Start of Source data

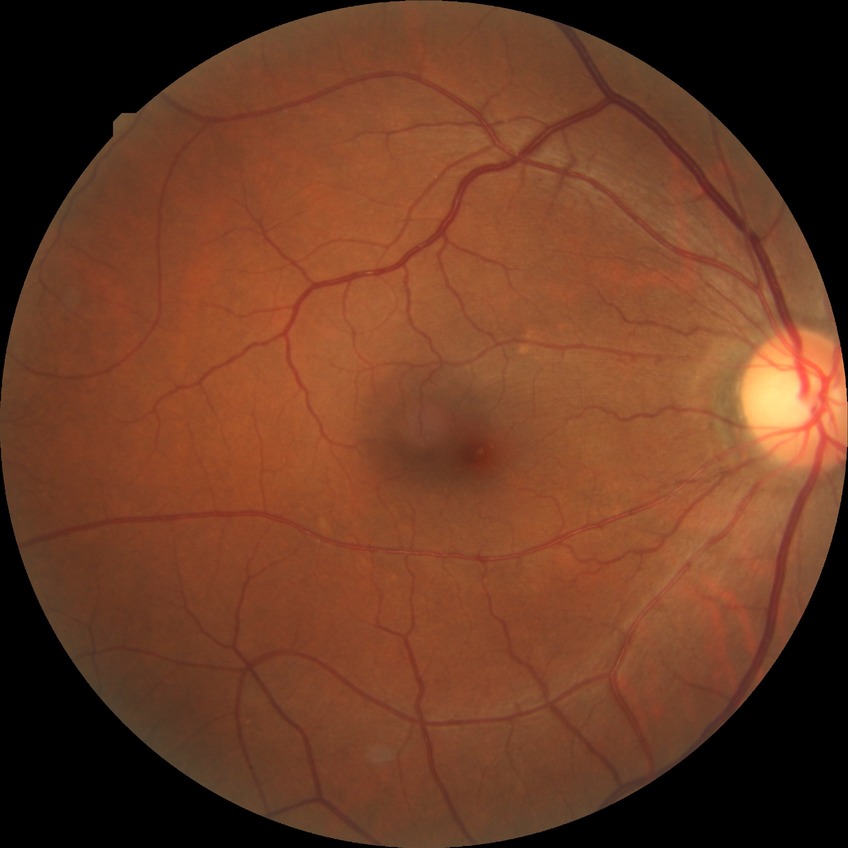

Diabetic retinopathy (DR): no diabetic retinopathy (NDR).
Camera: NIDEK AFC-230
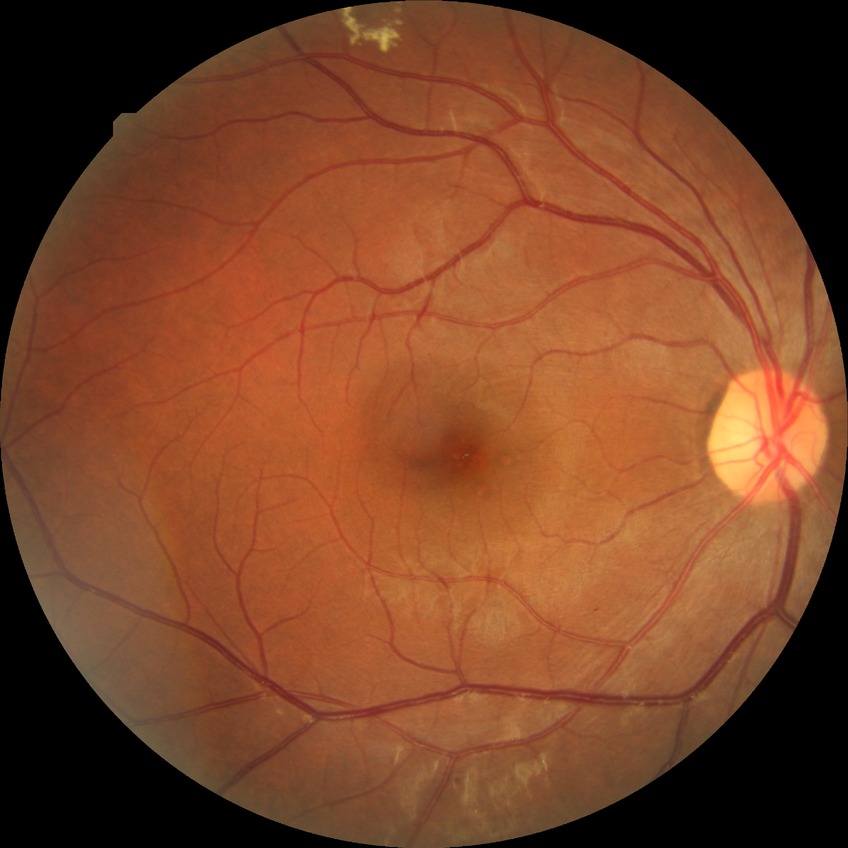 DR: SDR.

End of Source data
Start of Source data

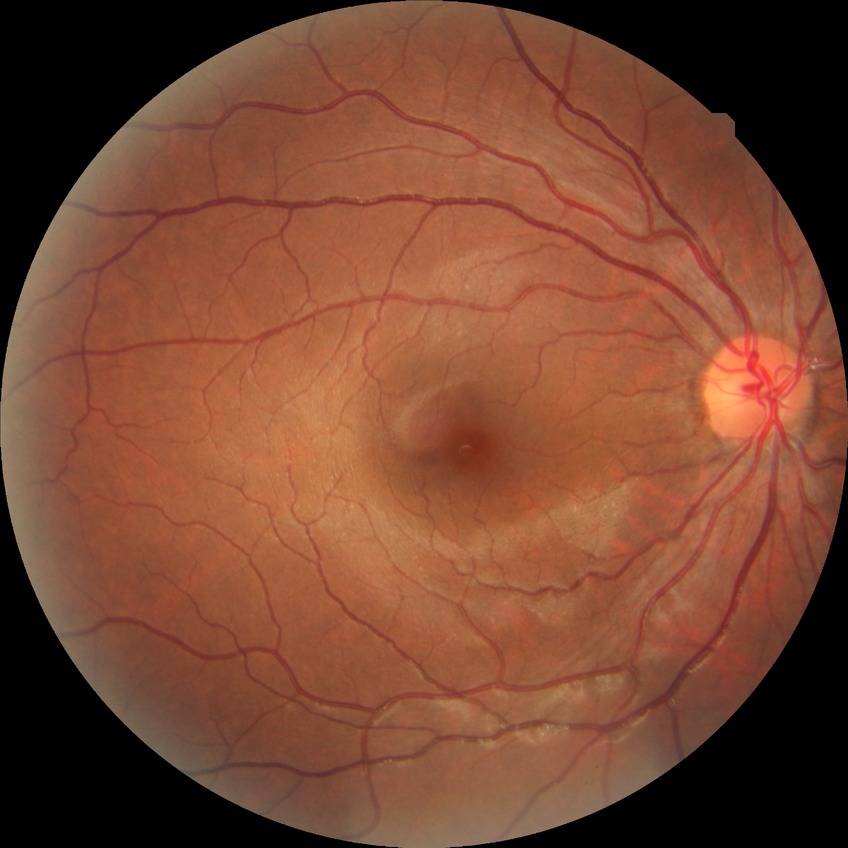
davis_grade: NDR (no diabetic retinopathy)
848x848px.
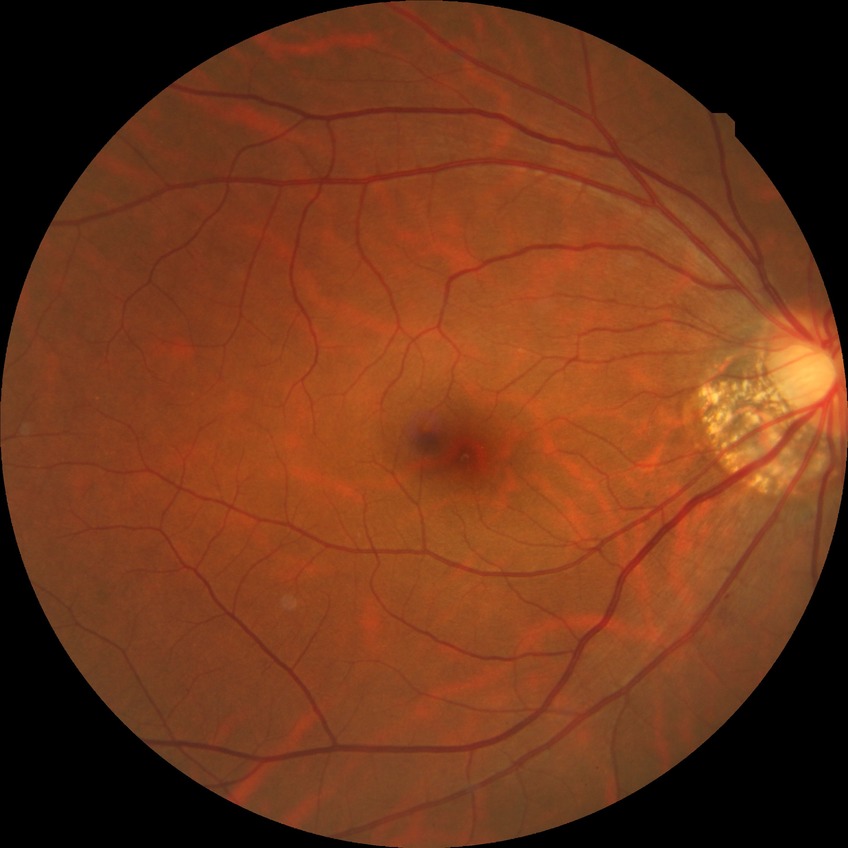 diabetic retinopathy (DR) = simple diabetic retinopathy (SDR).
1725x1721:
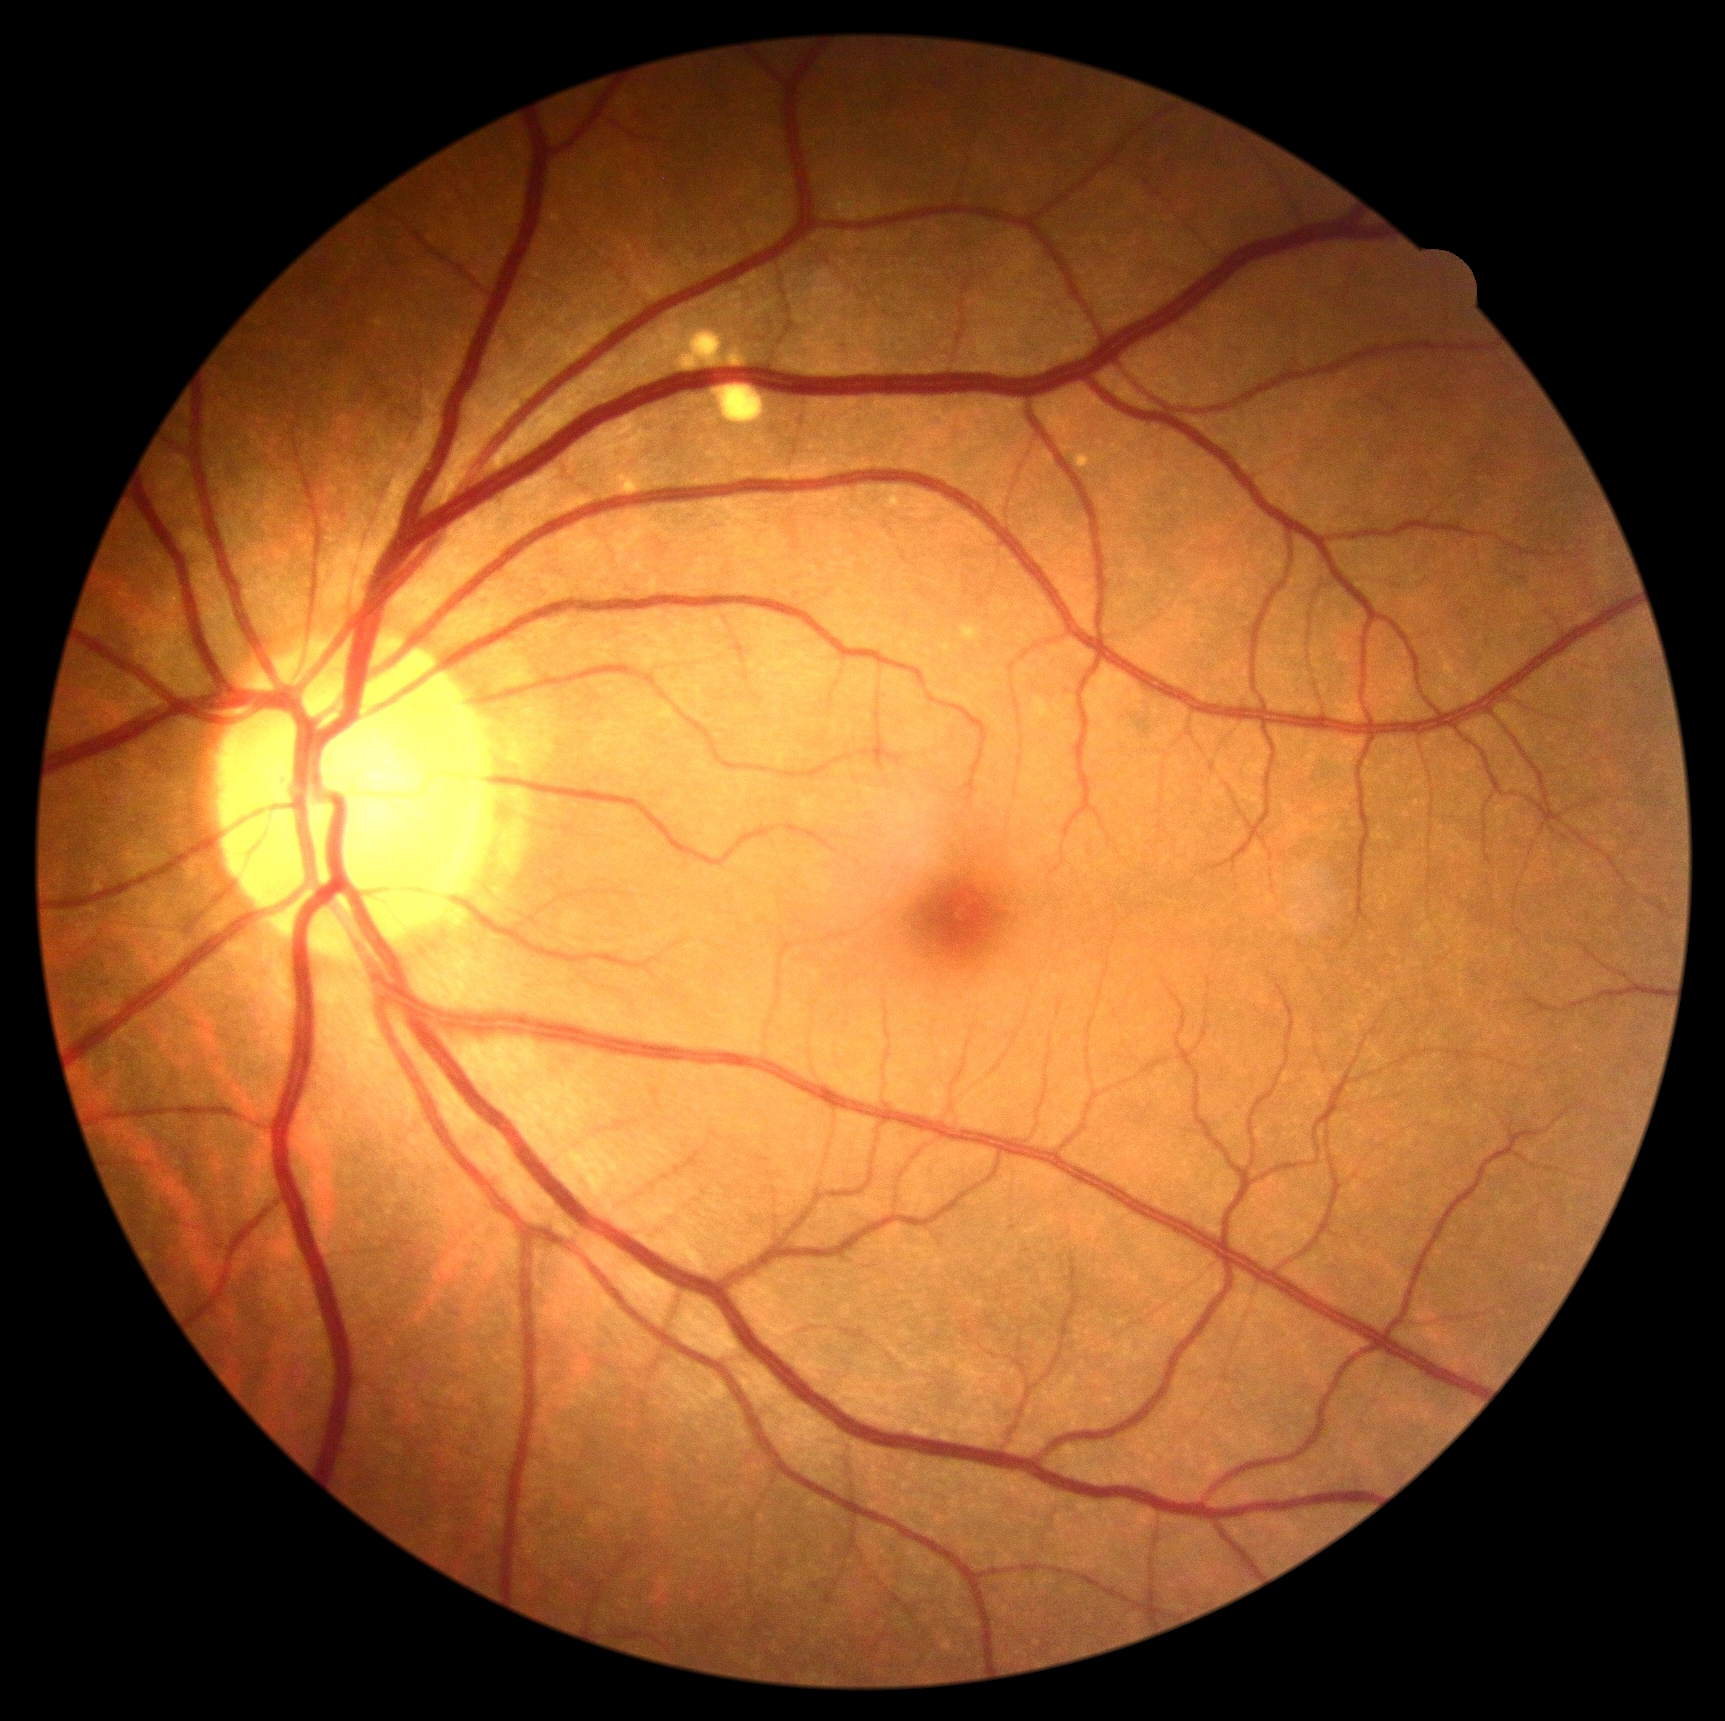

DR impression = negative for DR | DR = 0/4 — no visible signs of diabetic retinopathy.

End of Source data

Among the entries above, take the lines from the one with "diabetic retinopathy (DR) = simple" through the one with "DR impression = negative" and retype them exactly, leaving out the pictures.

Exercise answer -
 diabetic retinopathy (DR) = simple diabetic retinopathy (SDR).
1725x1721:

DR impression = negative for DR | DR = 0/4 — no visible signs of diabetic retinopathy.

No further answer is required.